深度神经网络（dnn）已经暴露出对抗性示例的脆弱性，这些示例可以欺骗具有高置信度的模型。这给安全关键领域带来了严重的威胁。对抗性防御方法已被广泛研究以对抗对抗性攻击。对抗性净化作为一种主要的防御策略，试图通过过滤掉扰动来恢复对抗性实例以清除对应物。然而，在目标和防御模型已知的情况下，许多净化防御都在与白盒攻击作斗争。此外，针对特定攻击的训练过程可能会损害模型对未知攻击的适应性，并且净化操作可能会破坏输入的关键特征。本文提出了随机编码网络（REN），该网络由随机编码去噪器和多样化分类器组成，以增强对抗性净化防御模型的鲁棒性。去噪器的内部部分利用对抗性稀疏编码，通过过滤掉扰动和噪声来净化示例，同时保留输入的关键特征。消噪器外部采用动态随机机制进行随机编码，增强了模型的不确定性。此外，分类器受到多样性约束，以促进随机子模型之间的变化。实验结果表明，REN具有强大的防御泛化能力，可以有效地对抗各种攻击类型和设置的对抗性示例。对于CIFAR-10和SVHN数据集，经过清洁训练的REN对白盒攻击的平均对抗准确率分别为63.26%和59.78%，而经过对抗训练的REN对白盒攻击的平均对抗准确率分别为68.27%和72.39%。当面对未知的攻击场景时，REN比最先进的防御方法更有效。

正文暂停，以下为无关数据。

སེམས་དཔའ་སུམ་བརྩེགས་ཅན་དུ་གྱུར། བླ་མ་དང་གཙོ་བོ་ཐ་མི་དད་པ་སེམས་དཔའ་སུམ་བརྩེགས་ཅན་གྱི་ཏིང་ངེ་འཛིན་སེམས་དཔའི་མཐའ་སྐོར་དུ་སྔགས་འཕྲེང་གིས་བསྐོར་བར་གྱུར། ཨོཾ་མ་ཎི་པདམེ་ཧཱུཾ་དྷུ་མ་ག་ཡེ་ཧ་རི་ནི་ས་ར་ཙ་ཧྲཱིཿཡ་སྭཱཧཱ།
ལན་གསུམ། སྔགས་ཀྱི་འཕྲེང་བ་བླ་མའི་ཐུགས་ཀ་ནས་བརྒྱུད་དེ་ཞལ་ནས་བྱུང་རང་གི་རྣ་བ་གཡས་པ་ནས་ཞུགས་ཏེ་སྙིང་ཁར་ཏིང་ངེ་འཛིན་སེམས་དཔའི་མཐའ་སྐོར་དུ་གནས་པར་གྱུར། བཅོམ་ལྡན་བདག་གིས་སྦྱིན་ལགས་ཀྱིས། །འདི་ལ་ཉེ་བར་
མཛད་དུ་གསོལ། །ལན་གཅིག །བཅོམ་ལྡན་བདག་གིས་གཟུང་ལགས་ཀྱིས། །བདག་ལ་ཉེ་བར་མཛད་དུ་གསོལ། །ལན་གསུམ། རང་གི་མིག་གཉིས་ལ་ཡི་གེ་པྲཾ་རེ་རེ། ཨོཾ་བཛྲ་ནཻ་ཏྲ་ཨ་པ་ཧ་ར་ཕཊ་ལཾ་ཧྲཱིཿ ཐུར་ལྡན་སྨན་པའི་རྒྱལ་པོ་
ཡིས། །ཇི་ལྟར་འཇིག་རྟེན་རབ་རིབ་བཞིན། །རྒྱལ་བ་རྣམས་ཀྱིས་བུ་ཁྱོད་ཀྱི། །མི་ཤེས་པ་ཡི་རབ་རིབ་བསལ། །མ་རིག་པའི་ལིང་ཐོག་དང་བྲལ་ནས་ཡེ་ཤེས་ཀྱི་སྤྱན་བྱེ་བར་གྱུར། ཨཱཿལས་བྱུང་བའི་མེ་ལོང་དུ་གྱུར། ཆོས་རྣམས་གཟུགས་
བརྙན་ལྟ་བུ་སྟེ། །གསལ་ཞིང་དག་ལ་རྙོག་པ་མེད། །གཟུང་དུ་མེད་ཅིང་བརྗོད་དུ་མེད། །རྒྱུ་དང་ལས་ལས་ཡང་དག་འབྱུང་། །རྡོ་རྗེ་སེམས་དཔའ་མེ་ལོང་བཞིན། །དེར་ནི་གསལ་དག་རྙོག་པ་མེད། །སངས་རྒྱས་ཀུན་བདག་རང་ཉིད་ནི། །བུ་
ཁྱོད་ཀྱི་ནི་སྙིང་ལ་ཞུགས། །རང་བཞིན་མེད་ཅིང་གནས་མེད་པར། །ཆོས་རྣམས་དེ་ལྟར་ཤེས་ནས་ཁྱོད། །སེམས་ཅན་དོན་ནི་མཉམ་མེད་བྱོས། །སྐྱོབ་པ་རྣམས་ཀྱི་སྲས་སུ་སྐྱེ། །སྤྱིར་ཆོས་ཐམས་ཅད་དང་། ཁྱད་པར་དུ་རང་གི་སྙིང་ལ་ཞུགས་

本文章由计算机程序翻译，如有差异，请以英文原文为准。

Adversarial purification using random encoding networks

查看原文本刊更多论文

Adversarial purification using random encoding networks

Deep neural networks (DNNs) have revealed vulnerabilities to adversarial examples, which can deceive models with high confidence. This has given rise to serious threats in security-critical domains. Adversarial defense methods have been extensively studied to counter adversarial attacks. Adversarial purification, as a major defense strategy, attempts to recover adversarial examples to clean counterparts by filtering out perturbations. However, many purification defenses struggle against white-box attacks where the target and defense models are known. Additionally, the training processes against specific attacks can compromise models’ adaptability to unknown attacks, and purification operations may destroy key features of inputs. In this paper, we propose the random encoding network (REN), which consists of a random encoding denoiser and a diverse classifier to enhance the robustness of adversarial purification defense models. The internal part of the denoiser leverages adversarial sparse coding to purify examples by filtering out perturbations and noise as much as possible while preserving critical features of inputs. The external part of the denoiser employs a dynamic random mechanism to implement random encoding, thereby enhancing the models’ uncertainty. Moreover, the classifier is subjected to a diversity constraint to promote variation among random sub-models. Experimental results demonstrate that REN exhibits strong defensive generalization capabilities, effectively countering adversarial examples across diverse attack types and settings. For the CIFAR-10 and SVHN datasets, the clean-trained REN achieves average adversarial accuracies of 63.26% and 59.78% against white-box attacks, while the adversarial-trained REN achieves 68.27% and 72.39%, respectively. When faced with unknown attack scenarios, REN is more effective than state-of-the-art defense methods.

求助全文

通过发布文献求助，成功后即可免费获取论文全文。去求助

来源期刊

Applied Soft Computing 工程技术-计算机：跨学科应用

CiteScore

15.80

自引率

6.90%

发文量

874

审稿时长

10.9 months

期刊介绍： Applied Soft Computing is an international journal promoting an integrated view of soft computing to solve real life problems.The focus is to publish the highest quality research in application and convergence of the areas of Fuzzy Logic, Neural Networks, Evolutionary Computing, Rough Sets and other similar techniques to address real world complexities. Applied Soft Computing is a rolling publication: articles are published as soon as the editor-in-chief has accepted them. Therefore, the web site will continuously be updated with new articles and the publication time will be short.